Dia lalu melihat Heivia.
Dia tertunduk dengan tubuh yang bergetar dan berkata, “Sekarang kita telah melakukan apa yang kita bisa.”
“Yah, tapi aku tidak berpikir bakal ada perubahan berarti kalau Froleytia membantu kita. Untuk satu hal, permintaanmu tidak didasari tata tertib militer. Dia tidak akan membahayakan bawahan dan unitnya dalam bahaya seperti ini.”
“Sekarang yang tinggal kita lakukan hanyalah berharap bahwa keajaiban akan terjadi, atau menghancurkan Object itu sendiri dengan tangan kita.”
“Jangan berbicara seperti membalikkan telapak tangan. Dan aku tidak pernah bilang sepatah kata pun tentang menyelamatkan sang Putri.”
“Aku tahu.”
Quenser tidak akan mengutuk Heivia jika ia ingin melarikan diri. Dia yang memaksanya untuk ikut dalam kejadian ini, jadi tidak ada jaminan bahwa mereka akan selamat. Juga, apa yang Quenser lakukan sekarang bukanlah tindakan yang akan dilakukan seorang prajurit militer. Bahkan, dia sangat berterima kasih karena Heivia mau menemaninya di saat seperti ini.
“Maaf, sudah membawamu di situasi seperti ini. Kau bisa meninggalkan markas ini melalui barikade itu dan melarikan diri ke hutan. Aku akan melakukan apa pun untuk mengalihkan perhatian mereka terhadapmu.”
“Tunggu, sialan kau. Jangan tinggalkan aku dengan trauma seumur hidup ini!

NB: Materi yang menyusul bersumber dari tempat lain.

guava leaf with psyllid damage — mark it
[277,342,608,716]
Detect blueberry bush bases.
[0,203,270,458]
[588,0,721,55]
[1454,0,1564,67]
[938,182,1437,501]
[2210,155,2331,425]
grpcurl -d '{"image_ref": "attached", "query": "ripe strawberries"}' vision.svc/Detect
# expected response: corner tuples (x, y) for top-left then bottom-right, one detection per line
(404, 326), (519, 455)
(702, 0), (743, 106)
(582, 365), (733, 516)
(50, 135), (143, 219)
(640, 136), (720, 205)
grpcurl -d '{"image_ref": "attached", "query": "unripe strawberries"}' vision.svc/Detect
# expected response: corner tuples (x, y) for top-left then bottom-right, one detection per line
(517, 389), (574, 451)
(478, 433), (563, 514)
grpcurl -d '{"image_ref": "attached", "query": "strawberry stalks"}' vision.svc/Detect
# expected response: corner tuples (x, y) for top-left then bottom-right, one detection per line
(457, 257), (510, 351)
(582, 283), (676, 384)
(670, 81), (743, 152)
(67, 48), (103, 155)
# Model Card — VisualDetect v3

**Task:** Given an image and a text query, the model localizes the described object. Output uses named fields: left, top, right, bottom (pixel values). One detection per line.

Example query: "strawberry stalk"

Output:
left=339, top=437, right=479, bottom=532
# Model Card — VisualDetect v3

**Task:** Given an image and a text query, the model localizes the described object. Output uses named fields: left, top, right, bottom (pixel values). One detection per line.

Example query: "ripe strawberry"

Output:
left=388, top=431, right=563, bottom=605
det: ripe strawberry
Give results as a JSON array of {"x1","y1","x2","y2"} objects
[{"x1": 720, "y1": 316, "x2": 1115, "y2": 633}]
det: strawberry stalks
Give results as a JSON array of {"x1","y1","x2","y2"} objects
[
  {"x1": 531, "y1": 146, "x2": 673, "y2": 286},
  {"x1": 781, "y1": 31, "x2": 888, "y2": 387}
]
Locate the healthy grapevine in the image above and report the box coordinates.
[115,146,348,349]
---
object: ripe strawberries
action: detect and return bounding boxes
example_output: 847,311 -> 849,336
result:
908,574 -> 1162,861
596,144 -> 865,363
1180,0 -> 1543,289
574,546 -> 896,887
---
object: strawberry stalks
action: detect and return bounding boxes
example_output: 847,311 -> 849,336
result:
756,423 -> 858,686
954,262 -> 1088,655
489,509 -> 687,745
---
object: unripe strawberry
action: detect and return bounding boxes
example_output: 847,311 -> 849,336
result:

Kau tidak memberiku pilihan lain, kau tahu!?”
Heivia masih begitu keras kepala saat melirik ke arah barikade yang telah mereka lubangi sebelumnya, tapi saat Quenser menerobos dari belakang gedung itu dan meraih satu-satunya tempat mereka untuk berlindung dari pandangan musuh, Heivia mengikutinya dari belakang.
Quenser dan Heivia mengarah ke luar sendirian untuk melanjutkan misi ini sendirian dengan kemungkinan keberhasilan yang sangat kecil.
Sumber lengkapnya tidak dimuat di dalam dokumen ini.